Bromeamos por un instante para espantar la sombra de la muerte. En
medio de los bucles está el retrato de una niña de sonrisa dulce. Tiene
los ojos cerrados y un chupón en los labios. Para Bustamante, esta pieza
es como el holograma del álbum, la figurita más codiciada.
Detrás de este coleccionista de 53 años
hay una repisa con una selección de santos cuyas extremidades pueden
flexionarse. Instalada, en medio de ellos, está la muerte coronada.

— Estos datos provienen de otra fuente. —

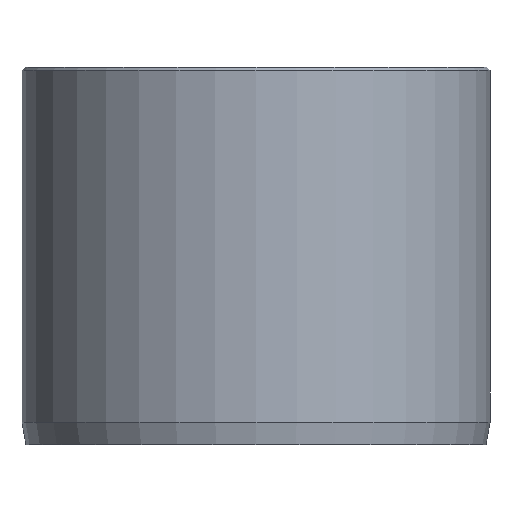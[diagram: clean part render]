
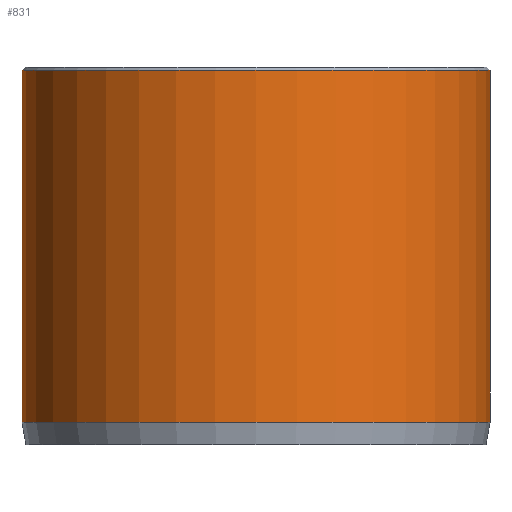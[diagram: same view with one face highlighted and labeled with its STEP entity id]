
A CAD part, front view. The second image highlights one B-rep face of the part: STEP entity #831.
In plain terms, the highlighted cylindrical face has radius 15.5 mm (diameter 31 mm), a partial arc.
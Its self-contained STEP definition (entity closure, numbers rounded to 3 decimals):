
#63 = CARTESIAN_POINT ( 'NONE',  ( 15.5, 0., 25. ) ) ;
#66 = CARTESIAN_POINT ( 'NONE',  ( -15.5, 0., 24.8 ) ) ;
#70 = EDGE_CURVE ( 'NONE', #895, #438, #868, .T. ) ;
#119 = CARTESIAN_POINT ( 'NONE',  ( 15.5, 0., 24.8 ) ) ;
#198 = CYLINDRICAL_SURFACE ( 'NONE', #333, 15.5 ) ;
#202 = EDGE_CURVE ( 'NONE', #438, #375, #812, .T. ) ;
#207 = DIRECTION ( 'NONE',  ( 1., 0., 0. ) ) ;
#209 = DIRECTION ( 'NONE',  ( 0., 0., 1. ) ) ;
#213 = CARTESIAN_POINT ( 'NONE',  ( 0., 0., 1.5 ) ) ;
#223 = CARTESIAN_POINT ( 'NONE',  ( 0., 0., 25. ) ) ;
#298 = ORIENTED_EDGE ( 'NONE', *, *, #202, .T. ) ;
#322 = DIRECTION ( 'NONE',  ( 0., 0., -1. ) ) ;
#333 = AXIS2_PLACEMENT_3D ( 'NONE', #223, #322, #833 ) ;
#360 = ORIENTED_EDGE ( 'NONE', *, *, #1179, .F. ) ;
#375 = VERTEX_POINT ( 'NONE', #478 ) ;
#418 = DIRECTION ( 'NONE',  ( 1., 0., 0. ) ) ;
#425 = EDGE_CURVE ( 'NONE', #375, #930, #576, .T. ) ;
#428 = DIRECTION ( 'NONE',  ( 0., 0., -1. ) ) ;
#436 = ORIENTED_EDGE ( 'NONE', *, *, #70, .T. ) ;
#438 = VERTEX_POINT ( 'NONE', #66 ) ;
#449 = CARTESIAN_POINT ( 'NONE',  ( 0., 0., 24.8 ) ) ;
#478 = CARTESIAN_POINT ( 'NONE',  ( -15.5, 0., 1.5 ) ) ;
#565 = EDGE_LOOP ( 'NONE', ( #360, #436, #298, #928 ) ) ;
#576 = CIRCLE ( 'NONE', #588, 15.5 ) ;
#588 = AXIS2_PLACEMENT_3D ( 'NONE', #213, #209, #207 ) ;
#681 = DIRECTION ( 'NONE',  ( 0., 0., -1. ) ) ;
#689 = LINE ( 'NONE', #63, #929 ) ;
#812 = LINE ( 'NONE', #916, #1265 ) ;
#831 = ADVANCED_FACE ( 'NONE', ( #1263 ), #198, .T. ) ;
#833 = DIRECTION ( 'NONE',  ( -1., 0., 0. ) ) ;
#868 = CIRCLE ( 'NONE', #1100, 15.5 ) ;
#886 = DIRECTION ( 'NONE',  ( 0., 0., -1. ) ) ;
#895 = VERTEX_POINT ( 'NONE', #119 ) ;
#916 = CARTESIAN_POINT ( 'NONE',  ( -15.5, 0., 25. ) ) ;
#928 = ORIENTED_EDGE ( 'NONE', *, *, #425, .T. ) ;
#929 = VECTOR ( 'NONE', #681, 1000. ) ;
#930 = VERTEX_POINT ( 'NONE', #1043 ) ;
#1043 = CARTESIAN_POINT ( 'NONE',  ( 15.5, 0., 1.5 ) ) ;
#1100 = AXIS2_PLACEMENT_3D ( 'NONE', #449, #428, #418 ) ;
#1179 = EDGE_CURVE ( 'NONE', #895, #930, #689, .T. ) ;
#1263 = FACE_OUTER_BOUND ( 'NONE', #565, .T. ) ;
#1265 = VECTOR ( 'NONE', #886, 1000. ) ;
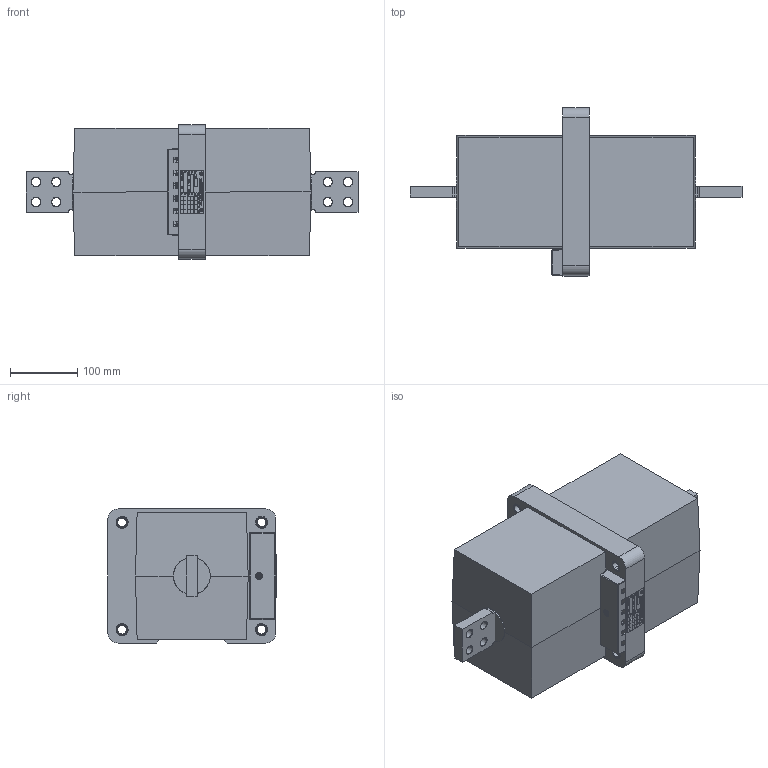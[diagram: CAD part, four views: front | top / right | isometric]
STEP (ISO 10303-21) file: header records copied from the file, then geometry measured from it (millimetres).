
FILE_DESCRIPTION (( 'STEP AP214' ), '1' );
FILE_NAME ('ﾒﾋﾊ-ﾑﾒ-10-ﾒﾏﾊ1 (1000ﾀ-2000ﾀ).STEP', '2023-06-14T09:30:45', ( '' ), ( '' ), 'SwSTEP 2.0', 'SolidWorks 2014', '' );
FILE_SCHEMA (( 'AUTOMOTIVE_DESIGN' ));
Length unit declared in the file: millimetre
Products named in the file (55): 屡扔.713174.003 买箅赅; curved spring lock washer_din; 屡扔.685528.004 罔磬 磬觐礤黜桕郷; hex screw gradec_din; Êîðïóñ ÒÏÊ-10-1; ﾏﾔ8.906.037 粨炅 ﾌ4; ﾒﾋﾊ-ﾑﾒ-10-ﾒﾏﾊ1 (1000ﾀ-2000ﾀ); 屡扔.735314.004 署赅; ÂÅÈÓ.754312.168 Òàáëè÷êà òåõíè÷åñêèõ äàííûõ ÒËÊ-ÑÒ__-00; plain washer grade c_din; 屡扔.685528.004 罔磬 磬觐礤黜桕郷_-01; plain washer grade c_din_Washer DIN 126 - 5.5; ÂÅÈÓ.758472.007-02  Ãàéêà; curved spring lock washer_din_Spring washer DIN 128 - A5; hex screw gradec_din_ISO 4018 - M5 x 10-NN; ����.671224.304-01-01��_���-10-1; 屡扔.758472.014; 屡扔.713174.003 买箅赅_-01; Êîðïóñ ÒÏÊ-10-1_4å ®¡¬®â; ÂÅÈÓ.754312.168 Òàáëè÷êà òåõíè÷åñêèõ äàííûõ ÒËÊ-ÑÒ_
Assembly tree (43 placements, depth 3):
  屡扔.713174.003 买箅赅
  curved spring lock washer_din
  屡扔.685528.004 罔磬 磬觐礤黜桕郷
  屡扔.713174.003 买箅赅
  hex screw gradec_din
Bounding box: 495 x 250.6 x 200 mm (x, y, z)
Volume: 12004911.4 mm3; surface area: 455313 mm2
Topology: 42 solids, 42 shells, 3207 faces, 8237 edges, 5382 vertices
Faces by surface type: plane 1771, bspline 856, cylinder 318, cone 218, torus 40, sphere 4
Entity records: 140440 total; most frequent: CARTESIAN_POINT 58900, ORIENTED_EDGE 14122, DIRECTION 9421, EDGE_CURVE 7061, LINE 4875, VECTOR 4875, VERTEX_POINT 4676, EDGE_LOOP 2989

“Perdí la cabeza de éste santo y decidí ponerle una calavera”, dice
Jorge para aclarar que se trata de una casualidad. Sin embargo, en su
pared cuelga el retrato de otra calavera enorme, obra del artista Blas
Isasi. El anticuario toma una de las tantas calaveras que adornan su
sala y se sienta delante del trono de la muerte.
DE MUERTE Y TABÚ
Las fotografías post mortem se realizaban
momentos antes de que el cadáver entrara a la fase de rigor mortis,
esto es, un promedio de tres a cuatro horas antes que los músculos se
tornaran rígidos. Estas imágenes son una evidencia de una idea romántica
acerca de lo que la muerte representaba para la sociedad de mediados
del siglo XIX. Hoy por hoy, se ha vuelto una especie de tabú.
OTROS ESPACIOS
También hay un espacio para los vivos y
los seres terrenales en la casa de Bustamante. Allí están los retratos
de familiares en vida –repito, en vida–, los que adornan las paredes de
su casa. Además, tiene algunos jarrones con caramelos que te invita a
probar, pero quizás lo más sorprendente es el retrato de tamaño real de
Florcita Polo –la hija de Susy Díaz– que tiene en su ducha, como en un
cofre de mayólica y vidrio. Imagino que para él deben ser unos baños
cuasi orgásmicos. Total, como dirían los franceses, hacer el amor es
como una petite mort. Pero ese es otro tipo de entierro para Bustamante.
Esta crónica fue publicada en el suplemento Variedades del diario oficial El Peruano, el 18 de julio de 2014.